Не существовало доказательств того, что всех женщин, упомянутых в его посланиях, Веня похищал и убивал. Но с каждым днем ее уверенность росла, и Вероника уже не сомневалась, кем именно был брат. Иногда знание приходит прежде, чем становятся ясны все причинно-следственные связи. Странно, что Вероника, не отличавшаяся стойкостью, не впала в шоковое состояние. Возможно, потому, что все эти годы она подсознательно готовила себя к чудовищному откровению.

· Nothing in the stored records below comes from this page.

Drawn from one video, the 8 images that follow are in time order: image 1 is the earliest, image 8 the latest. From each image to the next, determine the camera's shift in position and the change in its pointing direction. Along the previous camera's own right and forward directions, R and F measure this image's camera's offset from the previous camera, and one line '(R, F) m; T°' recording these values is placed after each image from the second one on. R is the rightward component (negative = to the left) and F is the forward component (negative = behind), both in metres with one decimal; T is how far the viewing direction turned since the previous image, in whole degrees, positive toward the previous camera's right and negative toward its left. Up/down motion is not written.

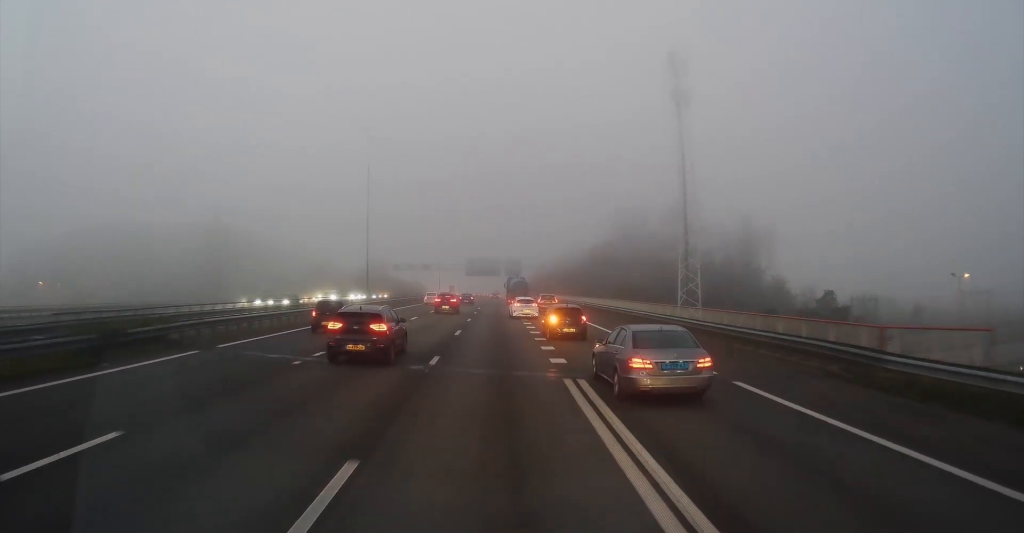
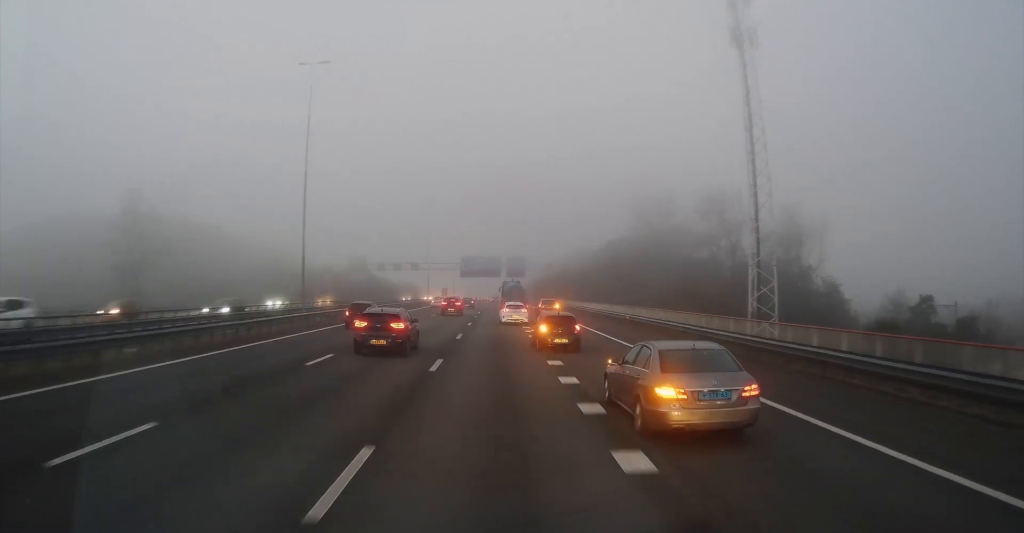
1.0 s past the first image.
(+0.6, +22.8) m; +2°
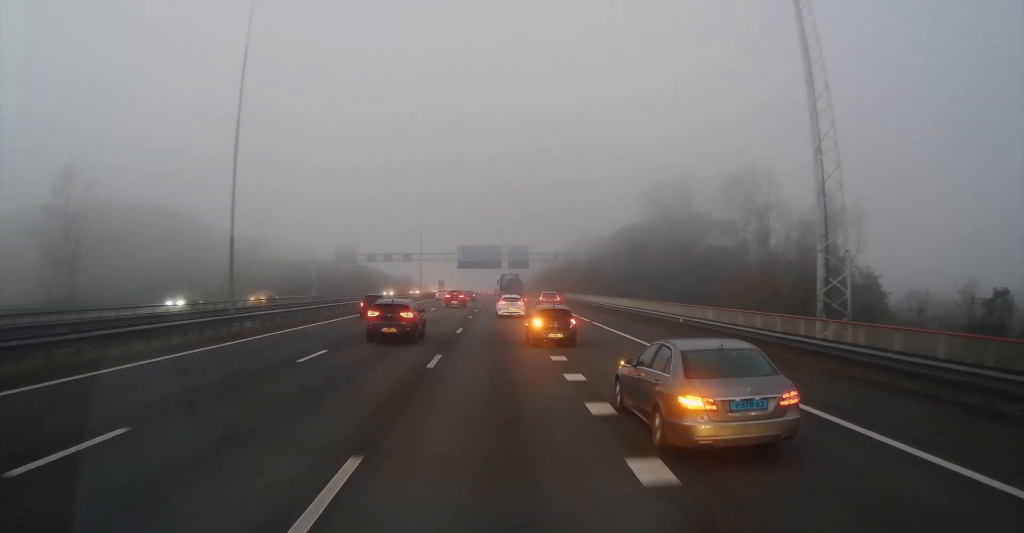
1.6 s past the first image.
(+0.4, +13.3) m; 0°
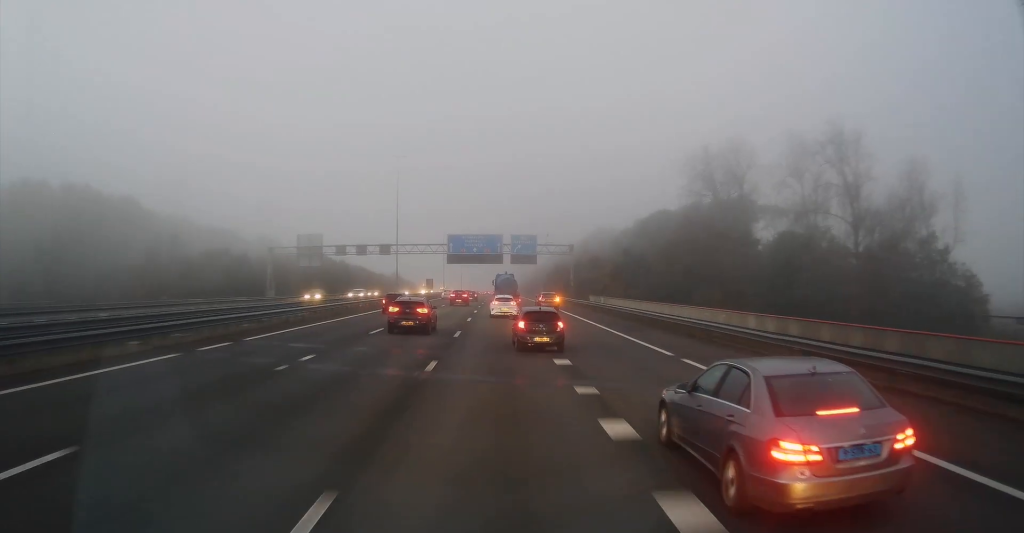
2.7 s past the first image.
(-0.7, +26.0) m; -1°
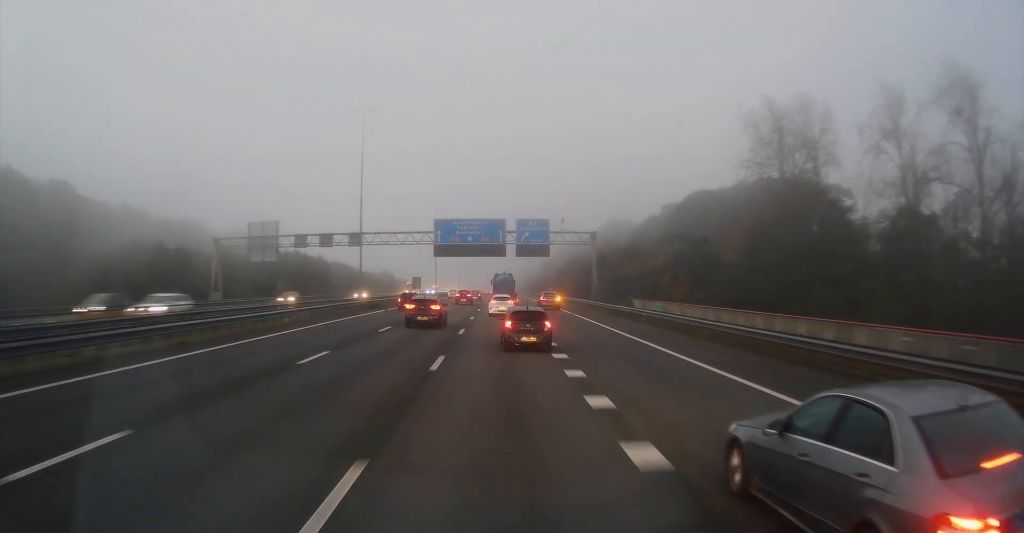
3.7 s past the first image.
(+0.3, +22.7) m; 0°
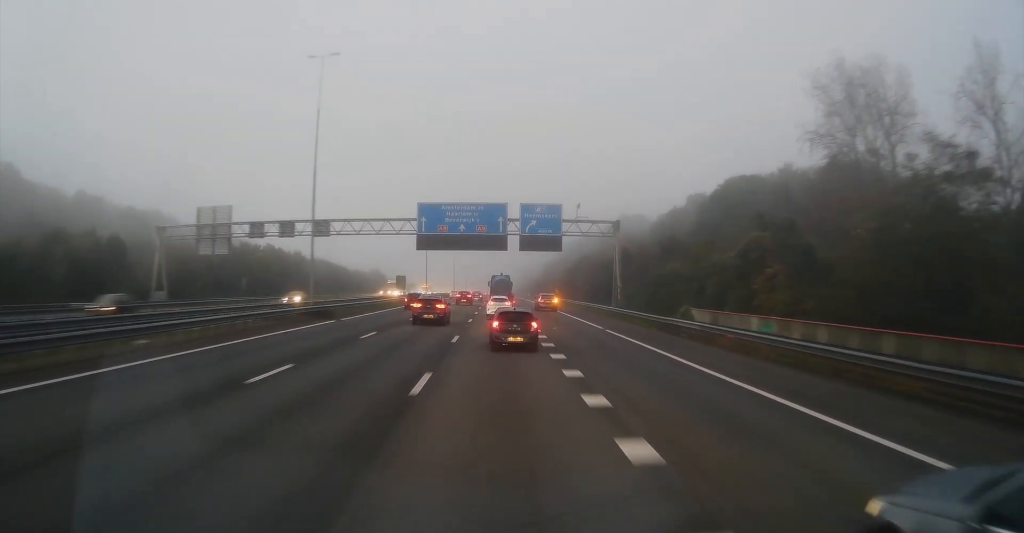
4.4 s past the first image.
(-0.2, +15.9) m; 0°
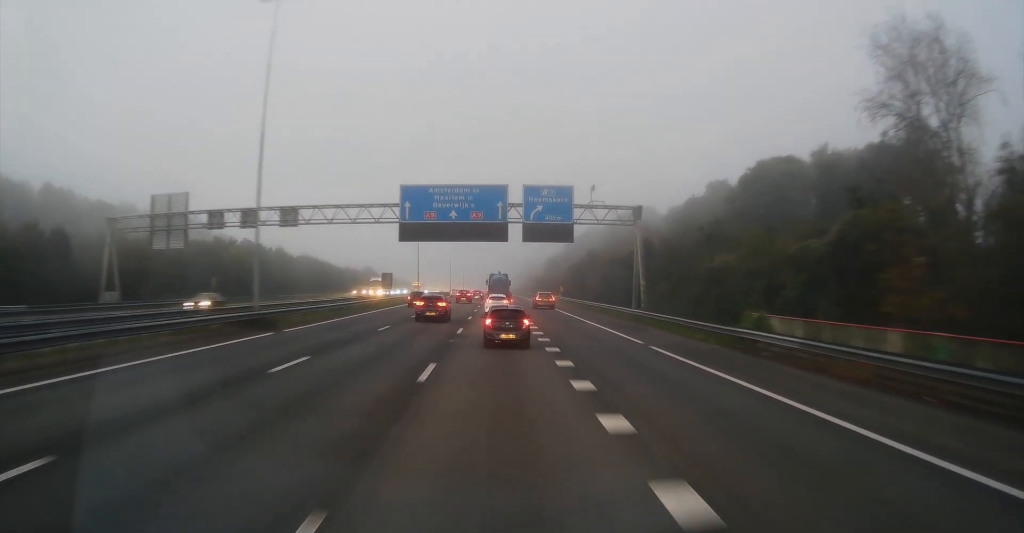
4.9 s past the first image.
(0.0, +10.3) m; 0°
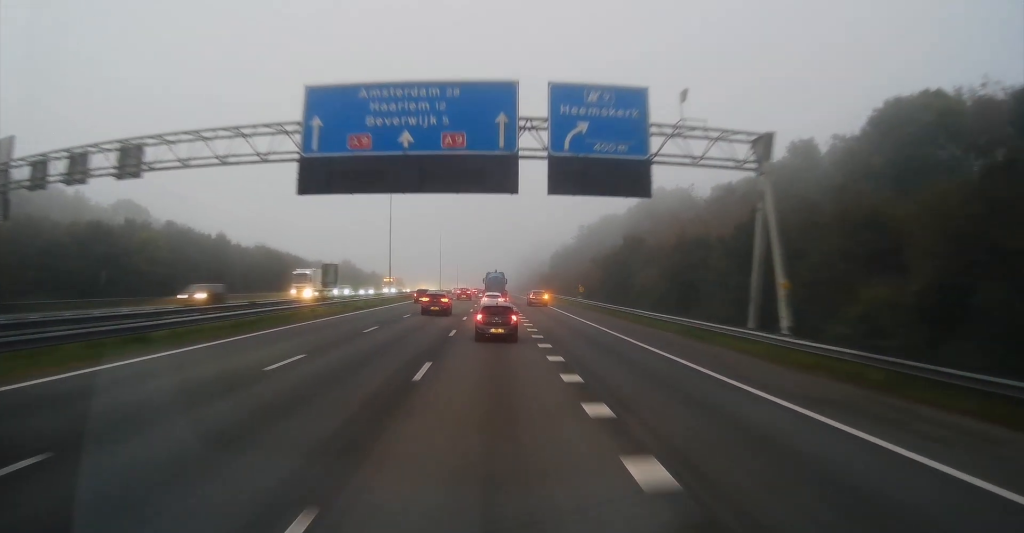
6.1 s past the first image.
(0.0, +27.0) m; 0°

Она приписывала брату едва ли не гениальность, а он являлся обычным психопатом, которого следовало изолировать от общества!
Одна правда обрушивается быстро и бескомпромиссно, как лезвие гильотины. А другая опутывает тебя медленно и незаметно, как наползающий с болота туман. Многие годы Вероника брела по дороге и не обращала внимания, как все глубже погружается в ядовитое облако. Когда, наконец, странница остановилась и огляделась, вокруг не было ничего, кроме вязкой белой мглы. Куда ни повернись, куда ни шагни – нет просвета, нет пути.
Вероника не хотела думать, куда бежать и как жить дальше. Она слишком устала для решительных действий. Была только одна задача, не терпящая отлагательства. На ней и следовало сосредоточиться.
– Мама? А ты почему дома? – спросила дочь, вернувшаяся из школы.
– Прогуливаю работу, – вяло улыбнулась та и включила плиту, чтобы приготовить обед.
– Вот это да. А можно я завтра школу прогуляю? – Ира взяла со стола овсяное печенье и смачно хрустнула.